§ GIVEN RECORDS
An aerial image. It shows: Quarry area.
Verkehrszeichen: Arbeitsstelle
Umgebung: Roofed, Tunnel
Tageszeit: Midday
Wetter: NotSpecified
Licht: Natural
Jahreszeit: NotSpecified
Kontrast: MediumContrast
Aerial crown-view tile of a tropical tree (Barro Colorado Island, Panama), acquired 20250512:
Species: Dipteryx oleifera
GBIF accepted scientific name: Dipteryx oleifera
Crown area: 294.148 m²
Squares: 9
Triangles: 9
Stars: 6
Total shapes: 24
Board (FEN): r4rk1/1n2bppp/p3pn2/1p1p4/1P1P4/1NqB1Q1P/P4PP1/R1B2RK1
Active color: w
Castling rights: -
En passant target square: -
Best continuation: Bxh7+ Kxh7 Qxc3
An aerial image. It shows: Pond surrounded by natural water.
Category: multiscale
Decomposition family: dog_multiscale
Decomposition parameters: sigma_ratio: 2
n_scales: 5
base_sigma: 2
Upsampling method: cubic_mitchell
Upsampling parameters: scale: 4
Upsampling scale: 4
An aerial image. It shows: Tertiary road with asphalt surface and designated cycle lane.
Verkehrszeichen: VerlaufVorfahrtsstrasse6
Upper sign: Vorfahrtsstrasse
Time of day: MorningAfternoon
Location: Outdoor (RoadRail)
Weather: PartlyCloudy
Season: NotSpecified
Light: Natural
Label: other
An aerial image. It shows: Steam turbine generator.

---

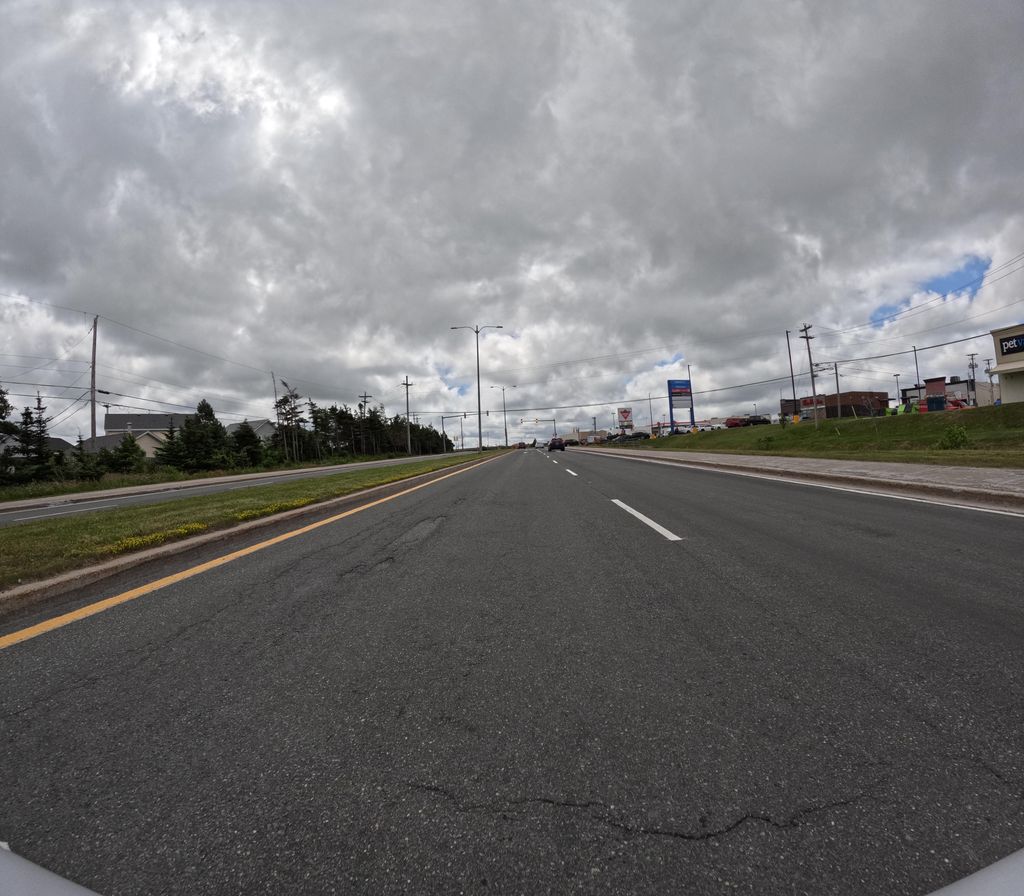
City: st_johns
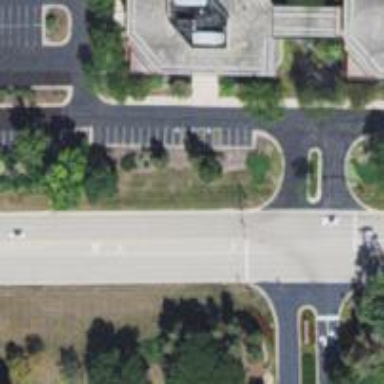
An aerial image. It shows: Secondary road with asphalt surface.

§ WORK ORDER
Your answer should consist of all lines above that include the string "asphalt".

§ ANSWER TO THE EXERCISE
An aerial image. It shows: Tertiary road with asphalt surface and designated cycle lane.
An aerial image. It shows: Secondary road with asphalt surface.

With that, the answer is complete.